Problem details » Every line below that includes the word "well" needs to be copied.

Data provided »
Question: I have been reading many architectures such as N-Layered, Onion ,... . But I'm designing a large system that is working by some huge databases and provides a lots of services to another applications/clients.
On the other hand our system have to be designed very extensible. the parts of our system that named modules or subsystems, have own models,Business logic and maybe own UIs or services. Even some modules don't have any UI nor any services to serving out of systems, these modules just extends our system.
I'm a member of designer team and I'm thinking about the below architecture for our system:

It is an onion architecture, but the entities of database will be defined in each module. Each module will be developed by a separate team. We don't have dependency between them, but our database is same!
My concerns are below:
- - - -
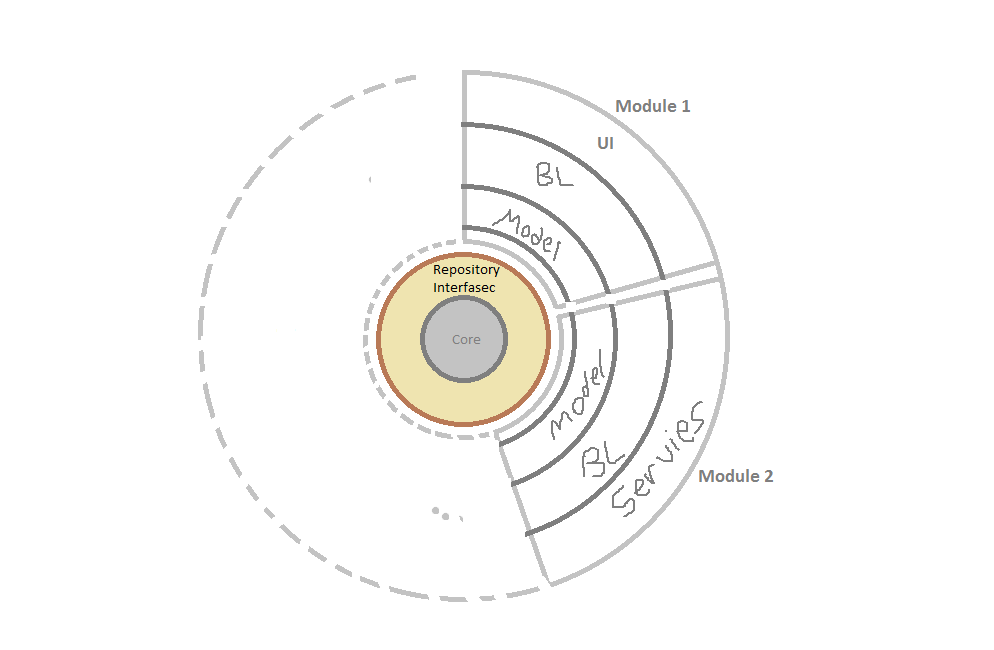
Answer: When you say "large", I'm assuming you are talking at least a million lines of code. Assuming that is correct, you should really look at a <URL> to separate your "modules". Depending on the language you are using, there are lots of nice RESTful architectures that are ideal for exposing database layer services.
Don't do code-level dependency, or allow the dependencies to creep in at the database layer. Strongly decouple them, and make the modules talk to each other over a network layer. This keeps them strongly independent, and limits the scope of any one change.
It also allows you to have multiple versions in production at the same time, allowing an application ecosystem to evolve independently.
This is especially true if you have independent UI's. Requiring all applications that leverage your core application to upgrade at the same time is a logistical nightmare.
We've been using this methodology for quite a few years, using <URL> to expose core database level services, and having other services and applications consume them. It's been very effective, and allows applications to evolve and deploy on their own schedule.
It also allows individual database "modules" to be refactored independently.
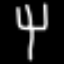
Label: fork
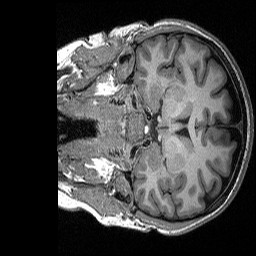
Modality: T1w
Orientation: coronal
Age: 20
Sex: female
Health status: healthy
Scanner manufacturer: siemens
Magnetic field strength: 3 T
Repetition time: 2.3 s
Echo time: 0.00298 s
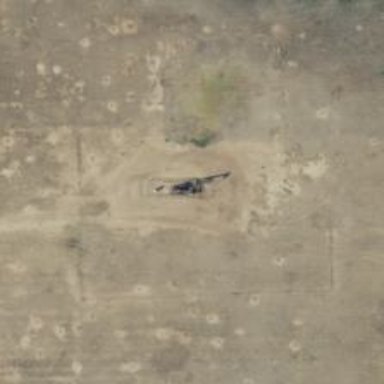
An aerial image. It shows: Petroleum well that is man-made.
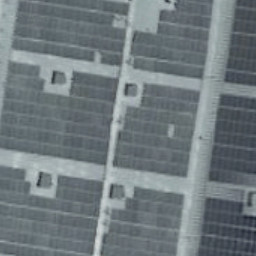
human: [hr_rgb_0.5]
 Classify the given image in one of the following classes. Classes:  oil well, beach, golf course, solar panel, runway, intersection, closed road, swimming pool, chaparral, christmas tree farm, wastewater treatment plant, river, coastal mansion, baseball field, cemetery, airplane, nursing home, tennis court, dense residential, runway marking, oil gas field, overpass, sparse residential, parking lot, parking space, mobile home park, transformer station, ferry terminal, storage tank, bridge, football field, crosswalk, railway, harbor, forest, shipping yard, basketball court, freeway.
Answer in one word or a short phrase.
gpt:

Response to this task »
An aerial image. It shows: Petroleum well that is man-made.
 Classify the given image in one of the following classes. Classes:  oil well, beach, golf course, solar panel, runway, intersection, closed road, swimming pool, chaparral, christmas tree farm, wastewater treatment plant, river, coastal mansion, baseball field, cemetery, airplane, nursing home, tennis court, dense residential, runway marking, oil gas field, overpass, sparse residential, parking lot, parking space, mobile home park, transformer station, ferry terminal, storage tank, bridge, football field, crosswalk, railway, harbor, forest, shipping yard, basketball court, freeway.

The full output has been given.